**WORK INSTRUCTION:** The entries below should be given again exactly, minus their pictures.

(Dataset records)
+++++

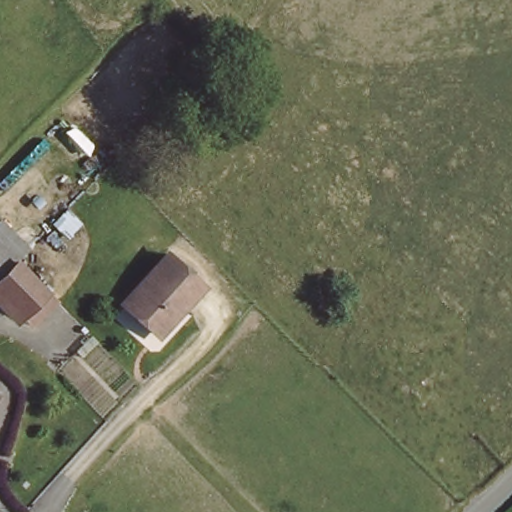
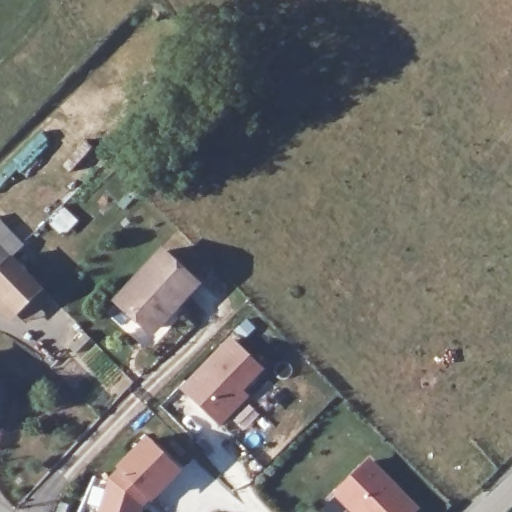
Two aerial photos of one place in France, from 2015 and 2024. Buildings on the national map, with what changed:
unchanged [(84,242),(63,259),(40,233),(62,214),(84,242)]
unchanged [(14,259),(0,274),(0,221),(26,248),(14,259)]
unchanged [(201,282),(184,304),(178,299),(151,331),(120,304),(167,251),(201,282)]
unchanged [(0,274),(14,259),(44,290),(27,306),(17,315),(0,298),(0,274)]
new [(228,335),(265,369),(245,392),(248,395),(220,426),(177,388),(228,335)]
new [(113,466),(146,435),(181,471),(150,502),(145,497),(141,512),(97,512),(107,476),(113,466)]
new [(372,462),(417,509),(414,512),(358,512),(339,493),(372,462)]

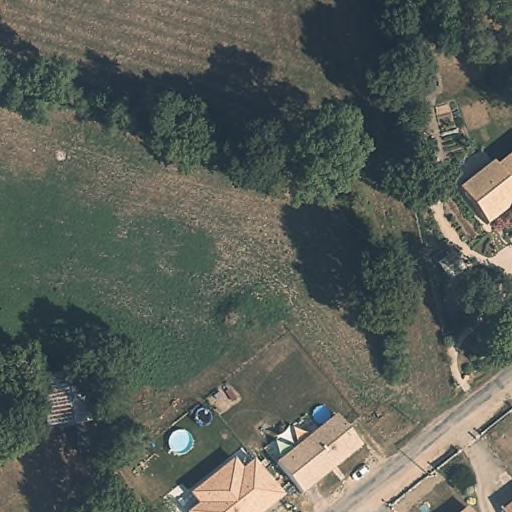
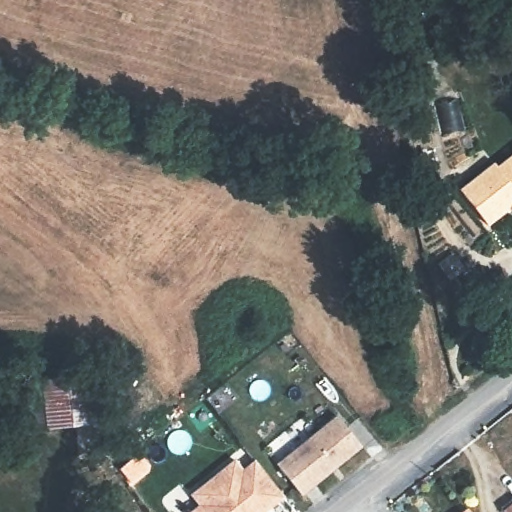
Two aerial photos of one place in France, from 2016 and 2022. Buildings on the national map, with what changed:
unchanged [(497,165),(500,169),(512,160),(512,206),(510,211),(490,226),(463,190),(497,165)]
unchanged [(109,422),(33,431),(26,382),(93,377),(109,422)]
unchanged [(334,414),(360,445),(303,495),(275,465),(334,414)]
unchanged [(233,458),(241,468),(253,457),(283,497),(265,512),(189,512),(196,505),(190,496),(233,458)]
unchanged [(505,512),(501,507),(512,499),(512,512),(505,512)]
unchanged [(458,512),(464,507),(468,512),(458,512)]

+++++

**TASK OUTPUT:**
Two aerial photos of one place in France, from 2015 and 2024. Buildings on the national map, with what changed:
unchanged [(84,242),(63,259),(40,233),(62,214),(84,242)]
unchanged [(14,259),(0,274),(0,221),(26,248),(14,259)]
unchanged [(201,282),(184,304),(178,299),(151,331),(120,304),(167,251),(201,282)]
unchanged [(0,274),(14,259),(44,290),(27,306),(17,315),(0,298),(0,274)]
new [(228,335),(265,369),(245,392),(248,395),(220,426),(177,388),(228,335)]
new [(113,466),(146,435),(181,471),(150,502),(145,497),(141,512),(97,512),(107,476),(113,466)]
new [(372,462),(417,509),(414,512),(358,512),(339,493),(372,462)]

Two aerial photos of one place in France, from 2016 and 2022. Buildings on the national map, with what changed:
unchanged [(497,165),(500,169),(512,160),(512,206),(510,211),(490,226),(463,190),(497,165)]
unchanged [(109,422),(33,431),(26,382),(93,377),(109,422)]
unchanged [(334,414),(360,445),(303,495),(275,465),(334,414)]
unchanged [(233,458),(241,468),(253,457),(283,497),(265,512),(189,512),(196,505),(190,496),(233,458)]
unchanged [(505,512),(501,507),(512,499),(512,512),(505,512)]
unchanged [(458,512),(464,507),(468,512),(458,512)]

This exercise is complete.